> SUPPLIED MATERIAL

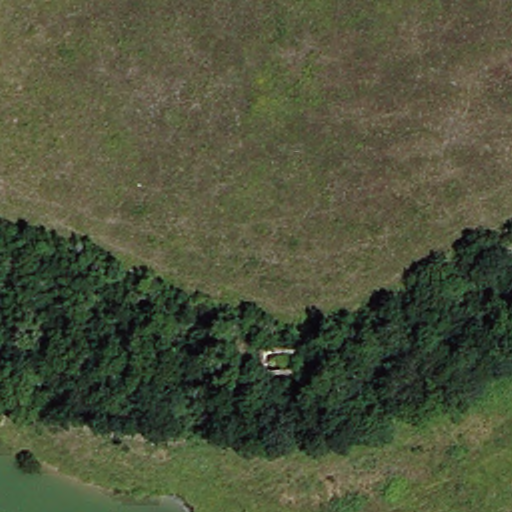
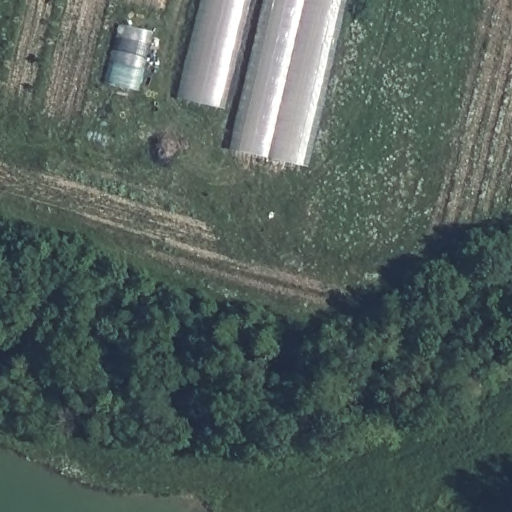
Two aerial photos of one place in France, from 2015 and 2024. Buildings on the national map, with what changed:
new [(185,99),(207,0),(248,0),(225,107),(185,99)]
new [(263,0),(345,0),(307,164),(230,147),(263,0)]
new [(121,25),(152,32),(140,89),(110,84),(121,25)]
unchanged [(301,356),(302,378),(266,378),(266,356),(301,356)]

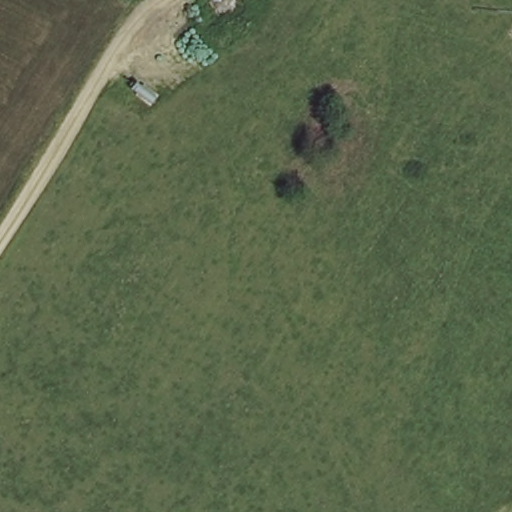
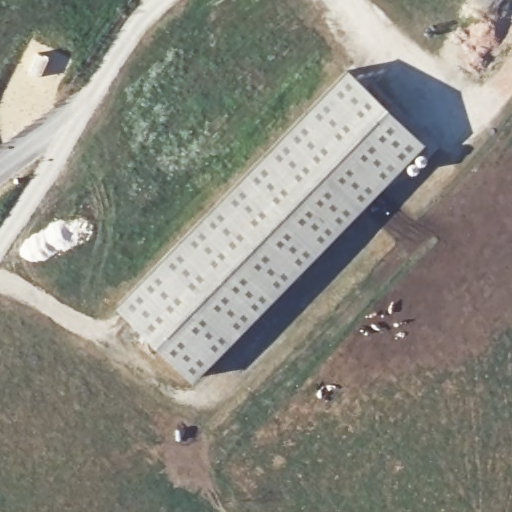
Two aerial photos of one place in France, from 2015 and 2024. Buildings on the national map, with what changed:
new [(423,142),(194,382),(117,310),(355,68),(423,142)]

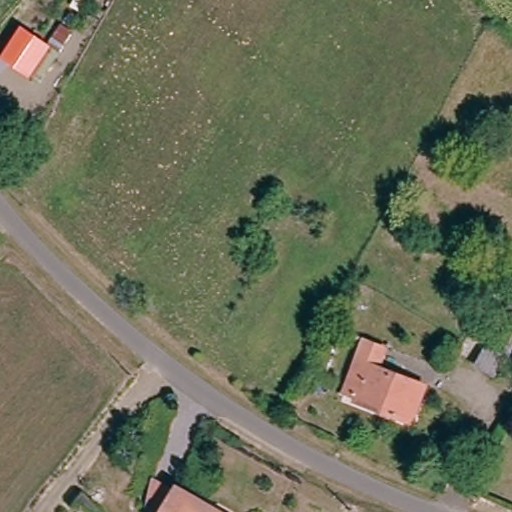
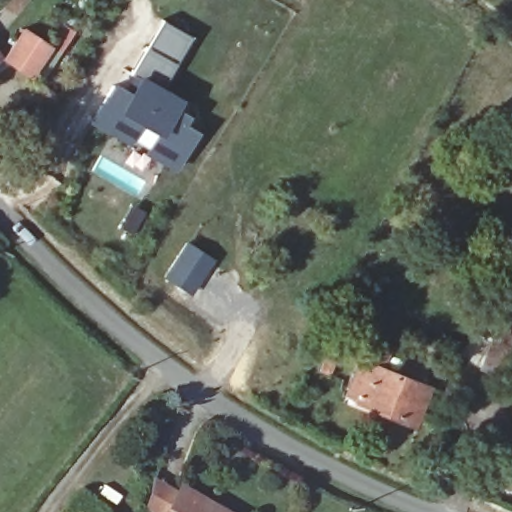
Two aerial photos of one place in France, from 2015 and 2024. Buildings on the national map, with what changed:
new [(191,36),(162,87),(182,99),(176,108),(189,115),(185,125),(199,131),(176,171),(88,124),(110,83),(124,90),(162,19),(191,36)]
unchanged [(41,84),(2,60),(22,26),(48,41),(62,21),(76,29),(41,84)]
unchanged [(512,301),(512,341),(493,377),(476,368),(511,301),(512,301)]
unchanged [(358,354),(430,391),(411,427),(340,390),(358,354)]
unchanged [(155,509),(161,481),(184,494),(185,491),(222,512),(160,512),(155,509)]

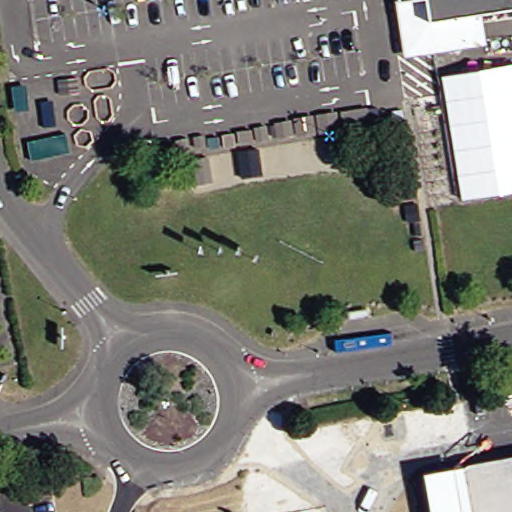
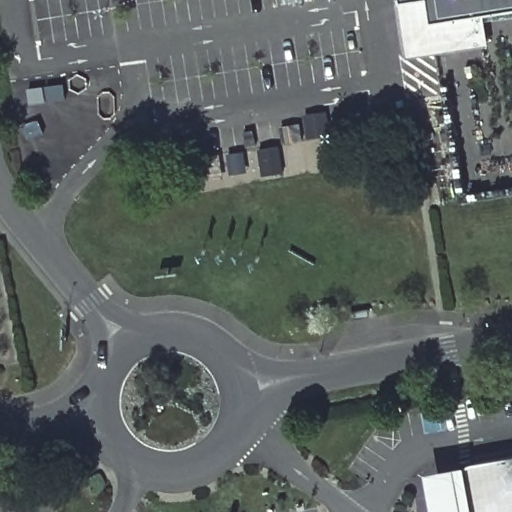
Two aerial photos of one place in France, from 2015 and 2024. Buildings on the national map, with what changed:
unchanged [(450,47),(420,51),(413,0),(443,0),(450,47)]
unchanged [(450,47),(443,0),(512,0),(512,10),(495,13),(498,40),(476,43),(450,47)]
demolished [(512,68),(512,196),(461,202),(440,77),(512,68)]
unchanged [(512,461),(512,512),(465,512),(457,471),(512,461)]

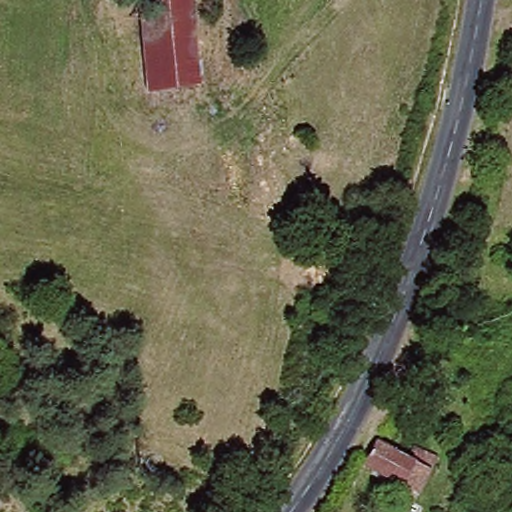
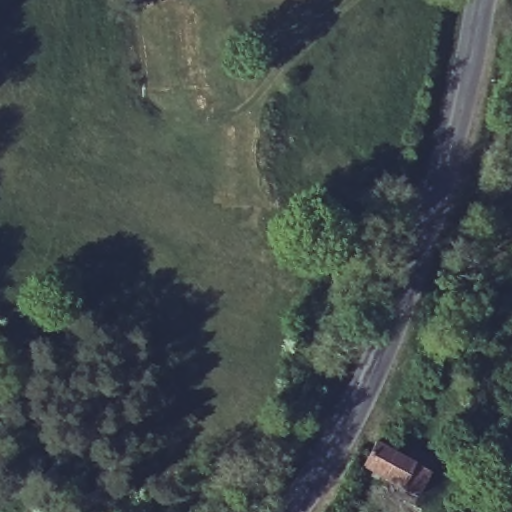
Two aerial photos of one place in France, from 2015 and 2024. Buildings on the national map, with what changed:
demolished [(135,0),(191,0),(206,85),(152,94),(135,0)]
unchanged [(370,441),(429,472),(415,496),(357,465),(370,441)]

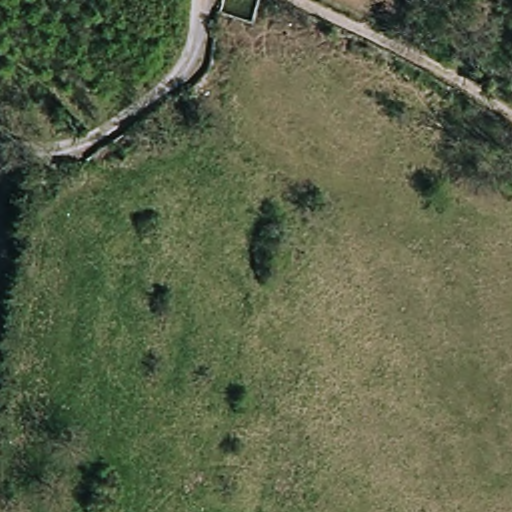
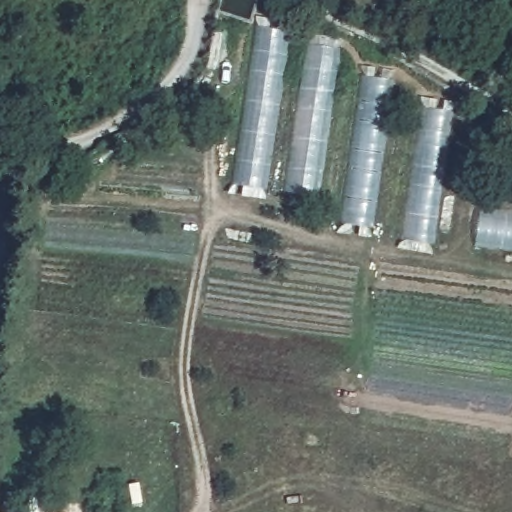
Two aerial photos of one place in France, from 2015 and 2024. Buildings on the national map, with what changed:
demolished [(212,14),(215,0),(240,0),(245,2),(240,24),(212,14)]
new [(253,29),(289,34),(266,187),(231,180),(253,29)]
new [(338,47),(317,195),(283,189),(304,41),(338,47)]
new [(360,72),(393,76),(370,224),(339,219),(360,72)]
new [(420,105),(450,109),(430,240),(399,235),(420,105)]
new [(483,201),(512,205),(512,245),(476,239),(483,201)]

> PROBLEM TO WORK ON
Omitting the images, output each record precisely as written.

> RESPONSE AREA
Two aerial photos of one place in France, from 2015 and 2024. Buildings on the national map, with what changed:
new [(185,99),(207,0),(248,0),(225,107),(185,99)]
new [(263,0),(345,0),(307,164),(230,147),(263,0)]
new [(121,25),(152,32),(140,89),(110,84),(121,25)]
unchanged [(301,356),(302,378),(266,378),(266,356),(301,356)]

Two aerial photos of one place in France, from 2015 and 2024. Buildings on the national map, with what changed:
new [(423,142),(194,382),(117,310),(355,68),(423,142)]

Two aerial photos of one place in France, from 2015 and 2024. Buildings on the national map, with what changed:
new [(191,36),(162,87),(182,99),(176,108),(189,115),(185,125),(199,131),(176,171),(88,124),(110,83),(124,90),(162,19),(191,36)]
unchanged [(41,84),(2,60),(22,26),(48,41),(62,21),(76,29),(41,84)]
unchanged [(512,301),(512,341),(493,377),(476,368),(511,301),(512,301)]
unchanged [(358,354),(430,391),(411,427),(340,390),(358,354)]
unchanged [(155,509),(161,481),(184,494),(185,491),(222,512),(160,512),(155,509)]

Two aerial photos of one place in France, from 2015 and 2024. Buildings on the national map, with what changed:
unchanged [(450,47),(420,51),(413,0),(443,0),(450,47)]
unchanged [(450,47),(443,0),(512,0),(512,10),(495,13),(498,40),(476,43),(450,47)]
demolished [(512,68),(512,196),(461,202),(440,77),(512,68)]
unchanged [(512,461),(512,512),(465,512),(457,471),(512,461)]

Two aerial photos of one place in France, from 2015 and 2024. Buildings on the national map, with what changed:
demolished [(135,0),(191,0),(206,85),(152,94),(135,0)]
unchanged [(370,441),(429,472),(415,496),(357,465),(370,441)]

Two aerial photos of one place in France, from 2015 and 2024. Buildings on the national map, with what changed:
demolished [(212,14),(215,0),(240,0),(245,2),(240,24),(212,14)]
new [(253,29),(289,34),(266,187),(231,180),(253,29)]
new [(338,47),(317,195),(283,189),(304,41),(338,47)]
new [(360,72),(393,76),(370,224),(339,219),(360,72)]
new [(420,105),(450,109),(430,240),(399,235),(420,105)]
new [(483,201),(512,205),(512,245),(476,239),(483,201)]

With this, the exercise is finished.